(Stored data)
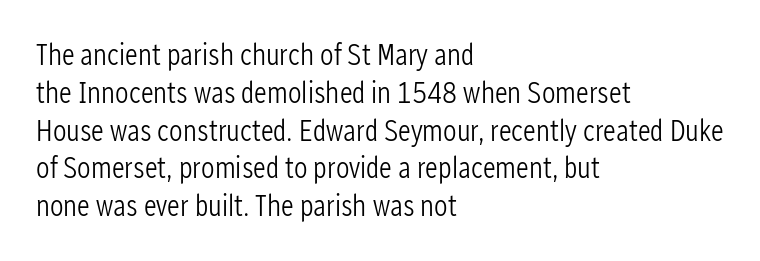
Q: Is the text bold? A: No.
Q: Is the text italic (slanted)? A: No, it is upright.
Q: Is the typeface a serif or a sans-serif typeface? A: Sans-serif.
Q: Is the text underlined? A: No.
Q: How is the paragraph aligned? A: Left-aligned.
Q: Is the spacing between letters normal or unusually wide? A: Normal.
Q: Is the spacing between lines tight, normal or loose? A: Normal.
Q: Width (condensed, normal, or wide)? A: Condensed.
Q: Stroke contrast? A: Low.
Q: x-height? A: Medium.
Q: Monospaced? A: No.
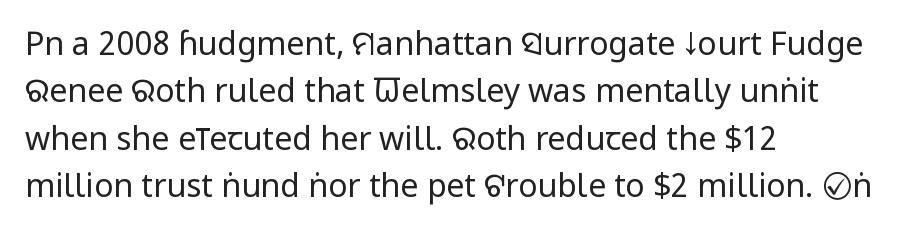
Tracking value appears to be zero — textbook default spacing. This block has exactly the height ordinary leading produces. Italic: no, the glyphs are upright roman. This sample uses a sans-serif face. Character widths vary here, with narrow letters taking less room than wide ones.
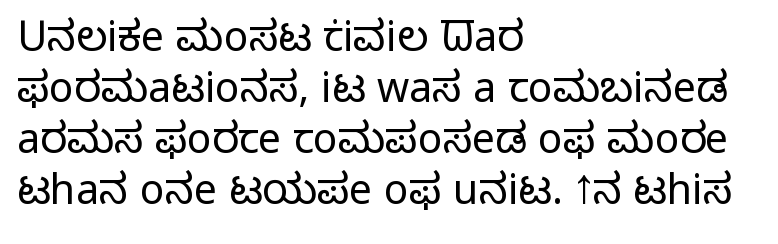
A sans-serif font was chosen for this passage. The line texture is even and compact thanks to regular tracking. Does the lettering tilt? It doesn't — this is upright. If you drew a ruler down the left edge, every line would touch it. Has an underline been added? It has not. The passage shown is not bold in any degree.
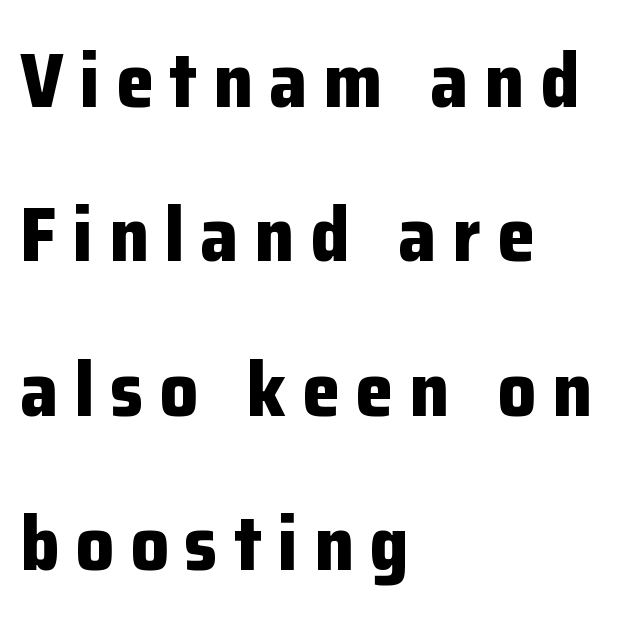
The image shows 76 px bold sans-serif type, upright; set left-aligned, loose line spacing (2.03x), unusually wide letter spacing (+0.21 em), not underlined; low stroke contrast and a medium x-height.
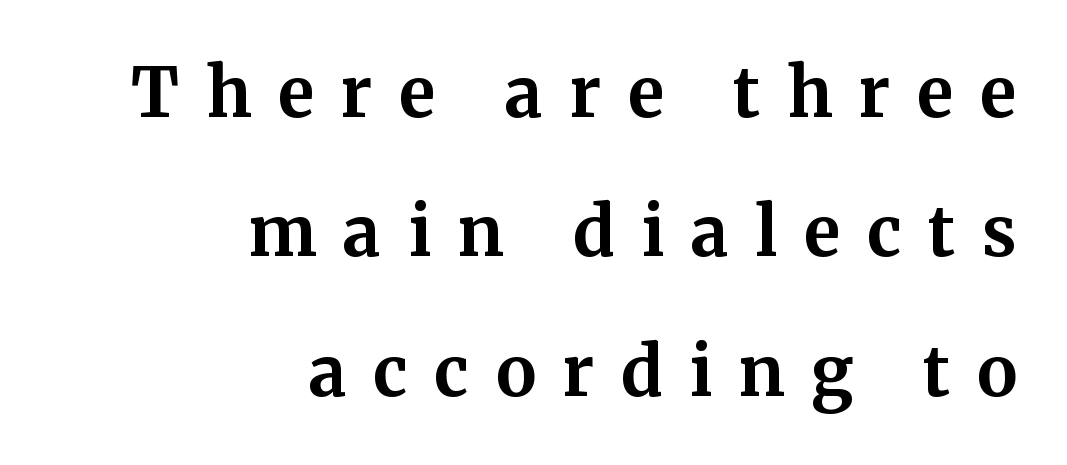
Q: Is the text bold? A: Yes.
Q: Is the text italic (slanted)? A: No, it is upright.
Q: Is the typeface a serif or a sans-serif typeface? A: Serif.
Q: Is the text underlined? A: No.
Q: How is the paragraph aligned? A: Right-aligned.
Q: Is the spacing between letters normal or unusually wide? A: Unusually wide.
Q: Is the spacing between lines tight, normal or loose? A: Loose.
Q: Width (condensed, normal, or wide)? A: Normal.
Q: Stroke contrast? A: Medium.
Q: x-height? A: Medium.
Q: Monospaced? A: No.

WHAT IS EXPECTED: The word "aligned" appears on some lines of the data above; count those lines and return only the number.

TASK ANSWER: 3